[Problem details]
Leaving out all images, return the entries below exactly.
--
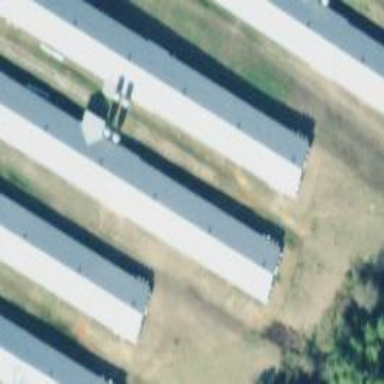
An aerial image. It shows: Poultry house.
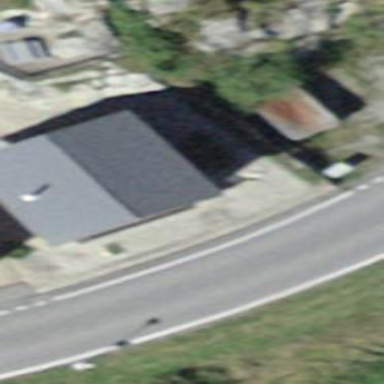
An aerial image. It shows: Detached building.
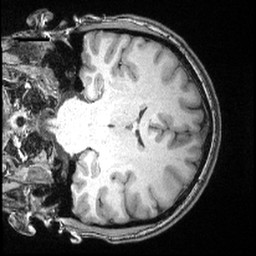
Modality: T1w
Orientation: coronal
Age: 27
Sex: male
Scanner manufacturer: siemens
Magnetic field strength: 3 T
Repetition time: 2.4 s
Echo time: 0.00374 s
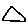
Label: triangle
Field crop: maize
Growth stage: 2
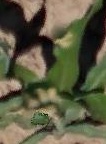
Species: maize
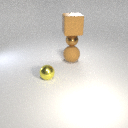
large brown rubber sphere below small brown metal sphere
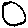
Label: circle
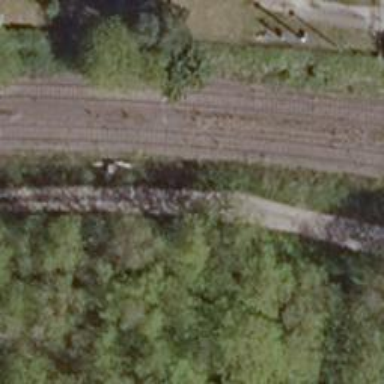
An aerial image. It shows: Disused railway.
--
[Task answer]
An aerial image. It shows: Poultry house.
An aerial image. It shows: Detached building.
Modality: T1w
Orientation: coronal
Age: 27
Sex: male
Scanner manufacturer: siemens
Magnetic field strength: 3 T
Repetition time: 2.4 s
Echo time: 0.00374 s
Label: triangle
Field crop: maize
Growth stage: 2
Species: maize
large brown rubber sphere below small brown metal sphere
Label: circle
An aerial image. It shows: Disused railway.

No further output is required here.